Exercise details | Would you give the listing again exactly, without its images?

Data extracts |
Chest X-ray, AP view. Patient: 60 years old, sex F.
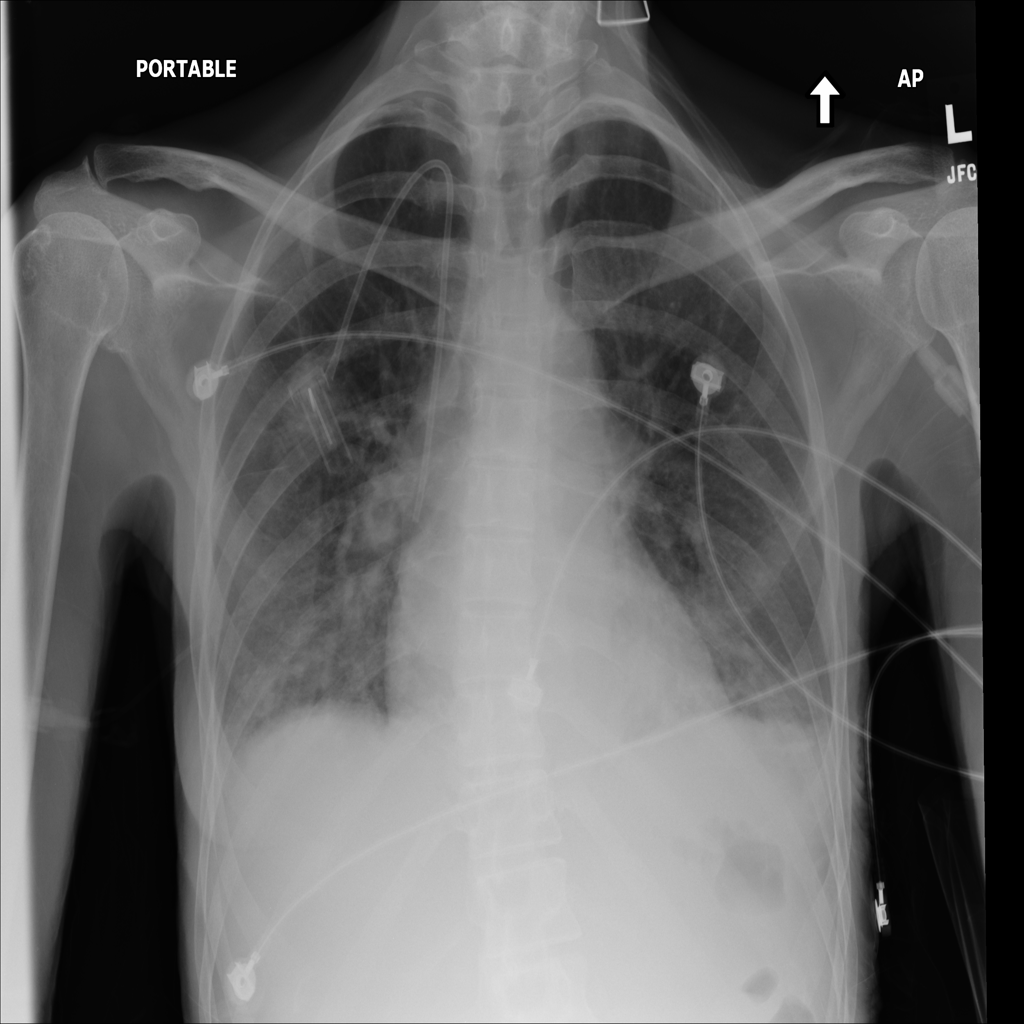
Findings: Atelectasis, Effusion, Infiltration
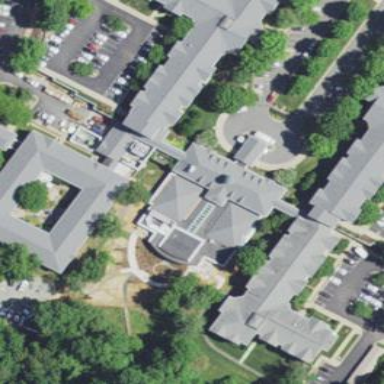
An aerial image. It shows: Nursing home building.
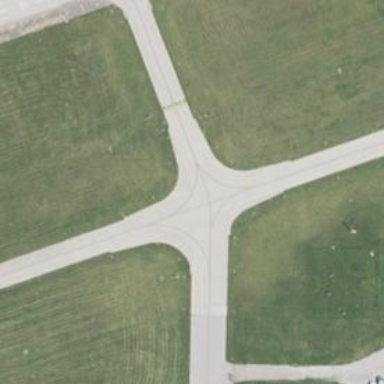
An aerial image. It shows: View of taxiway at the airport.
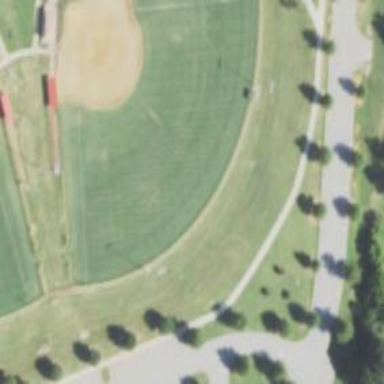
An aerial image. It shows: Baseball pitch with outfield fence and safety net.
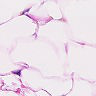
Metastatic tissue present: no
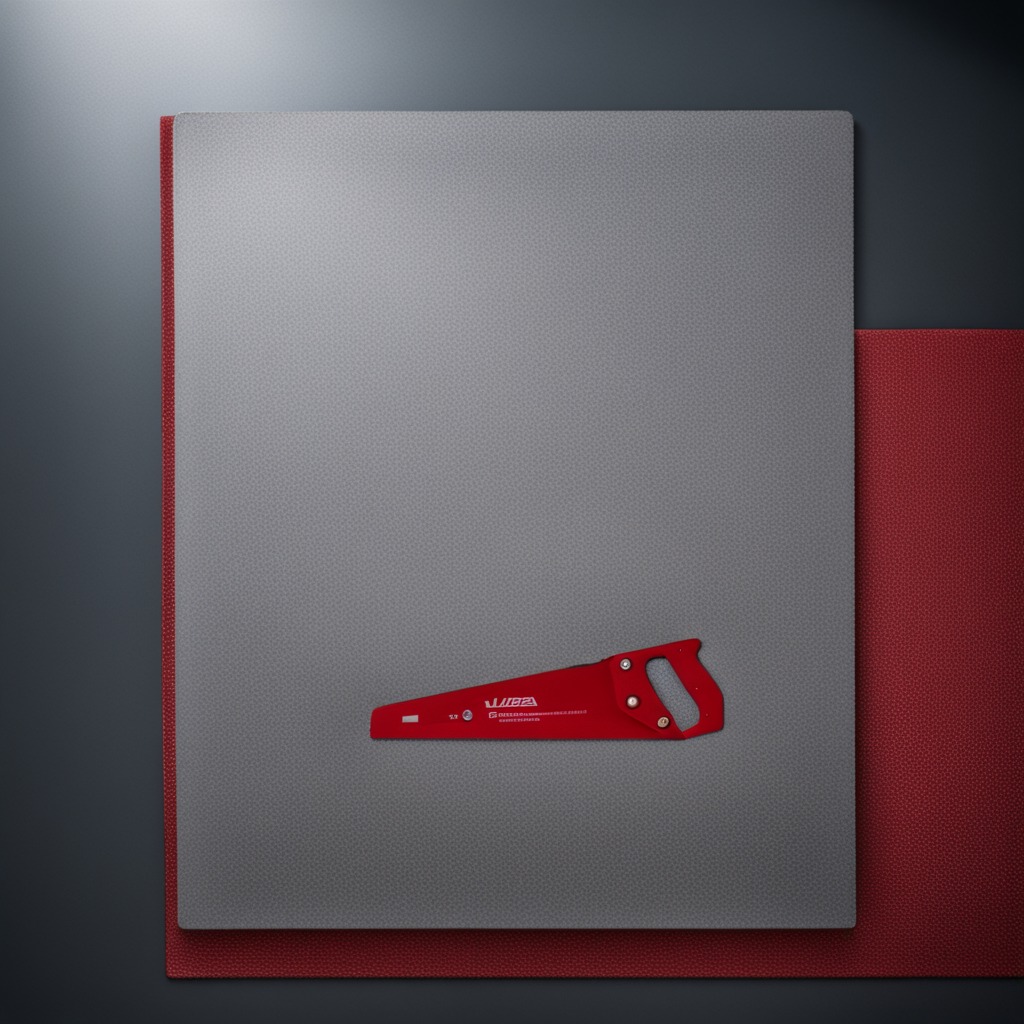
A metal saw lies on a clean granite tabletop covered with a red rubber mat inside a workshop under bright overhead lighting crisp shadows high clarity worn but beneath the mat.
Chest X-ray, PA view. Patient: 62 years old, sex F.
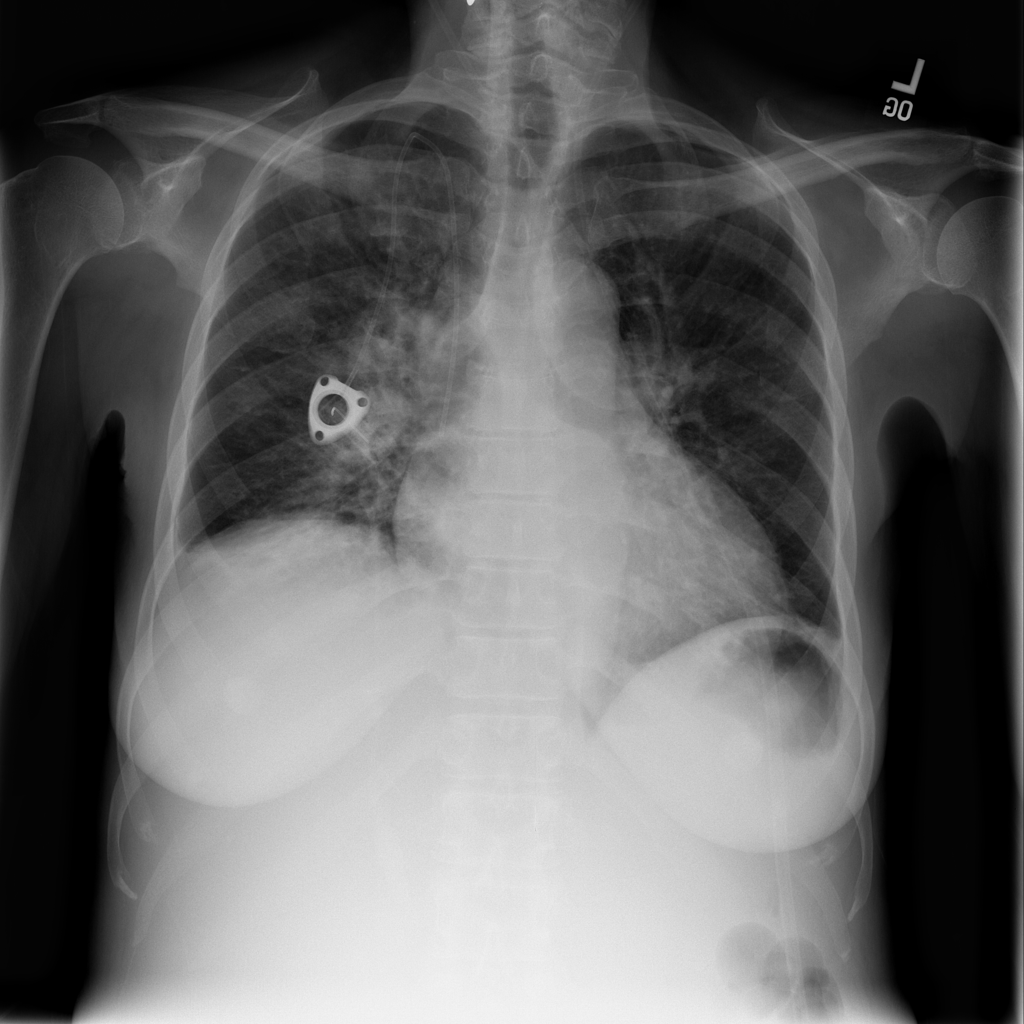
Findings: Infiltration
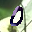
Label: 0
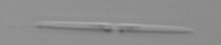
Label: pennate_Pseudo-nitzschia
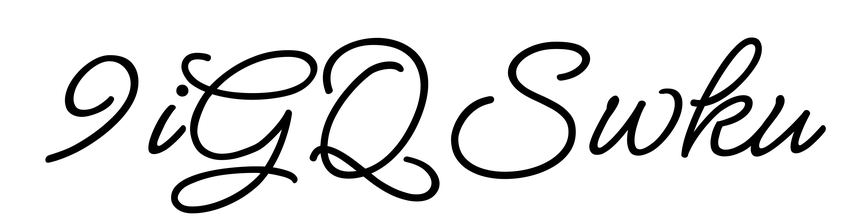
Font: MeowScript-Regular
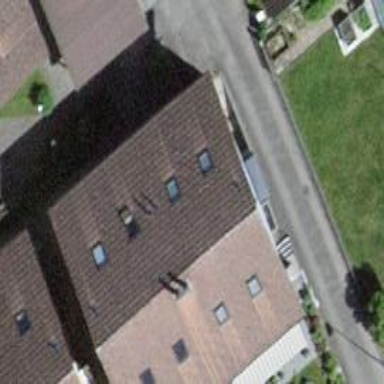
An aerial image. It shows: Residential building.
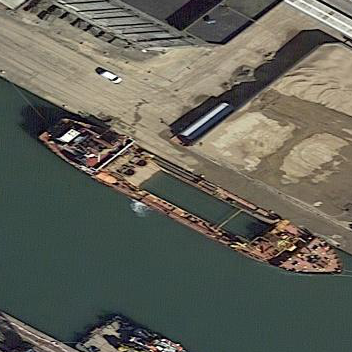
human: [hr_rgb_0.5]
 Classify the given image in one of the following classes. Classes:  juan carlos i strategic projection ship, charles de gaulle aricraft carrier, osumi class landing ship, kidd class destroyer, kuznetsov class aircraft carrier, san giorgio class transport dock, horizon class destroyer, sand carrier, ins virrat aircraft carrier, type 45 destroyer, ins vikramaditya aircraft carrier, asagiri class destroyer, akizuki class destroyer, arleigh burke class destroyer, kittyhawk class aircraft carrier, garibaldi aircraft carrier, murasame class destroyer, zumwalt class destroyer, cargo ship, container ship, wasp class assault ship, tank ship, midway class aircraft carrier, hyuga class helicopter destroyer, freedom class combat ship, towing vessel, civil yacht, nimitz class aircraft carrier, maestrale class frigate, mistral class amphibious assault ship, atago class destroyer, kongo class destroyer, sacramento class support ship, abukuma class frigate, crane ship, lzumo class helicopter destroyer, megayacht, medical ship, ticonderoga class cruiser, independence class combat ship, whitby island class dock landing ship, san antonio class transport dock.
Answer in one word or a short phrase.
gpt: Sand carrier
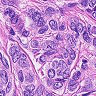
Metastatic tissue present: yes
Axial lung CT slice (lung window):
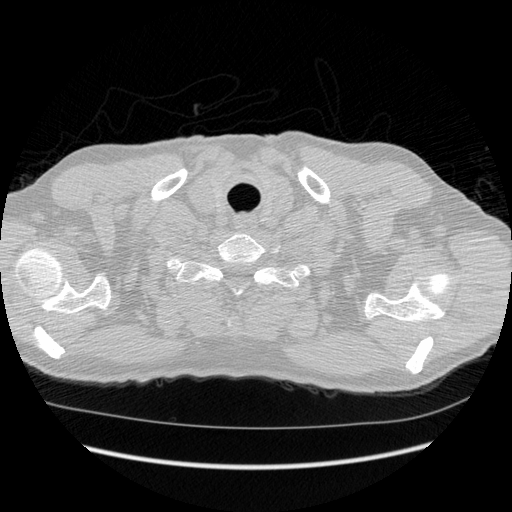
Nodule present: no
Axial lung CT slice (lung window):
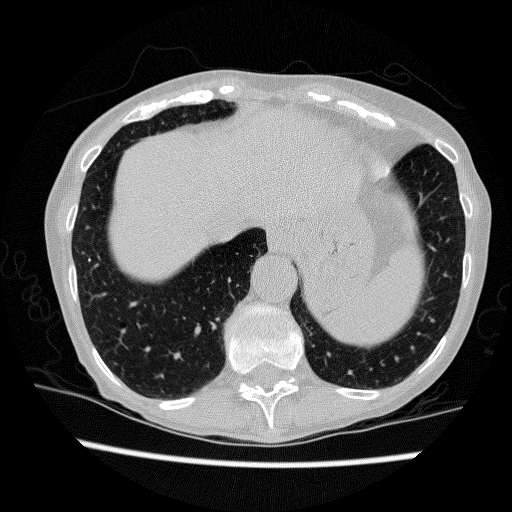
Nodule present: no
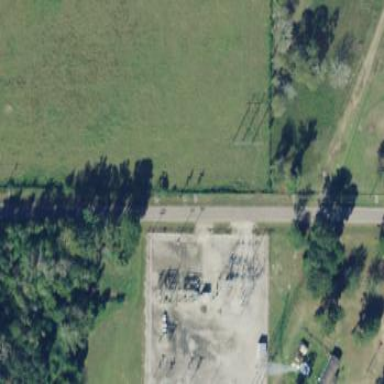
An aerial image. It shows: Outdoor distribution power substation.

Solved problem |
Chest X-ray, AP view. Patient: 60 years old, sex F.
Findings: Atelectasis, Effusion, Infiltration
An aerial image. It shows: Nursing home building.
An aerial image. It shows: View of taxiway at the airport.
An aerial image. It shows: Baseball pitch with outfield fence and safety net.
Metastatic tissue present: no
A metal saw lies on a clean granite tabletop covered with a red rubber mat inside a workshop under bright overhead lighting crisp shadows high clarity worn but beneath the mat.
Chest X-ray, PA view. Patient: 62 years old, sex F.
Findings: Infiltration
Label: 0
Label: pennate_Pseudo-nitzschia
Font: MeowScript-Regular
An aerial image. It shows: Residential building.
human: [hr_rgb_0.5]
 Classify the given image in one of the following classes. Classes:  juan carlos i strategic projection ship, charles de gaulle aricraft carrier, osumi class landing ship, kidd class destroyer, kuznetsov class aircraft carrier, san giorgio class transport dock, horizon class destroyer, sand carrier, ins virrat aircraft carrier, type 45 destroyer, ins vikramaditya aircraft carrier, asagiri class destroyer, akizuki class destroyer, arleigh burke class destroyer, kittyhawk class aircraft carrier, garibaldi aircraft carrier, murasame class destroyer, zumwalt class destroyer, cargo ship, container ship, wasp class assault ship, tank ship, midway class aircraft carrier, hyuga class helicopter destroyer, freedom class combat ship, towing vessel, civil yacht, nimitz class aircraft carrier, maestrale class frigate, mistral class amphibious assault ship, atago class destroyer, kongo class destroyer, sacramento class support ship, abukuma class frigate, crane ship, lzumo class helicopter destroyer, megayacht, medical ship, ticonderoga class cruiser, independence class combat ship, whitby island class dock landing ship, san antonio class transport dock.
Answer in one word or a short phrase.
gpt: Sand carrier
Metastatic tissue present: yes
Axial lung CT slice (lung window):
Nodule present: no
Axial lung CT slice (lung window):
Nodule present: no
An aerial image. It shows: Outdoor distribution power substation.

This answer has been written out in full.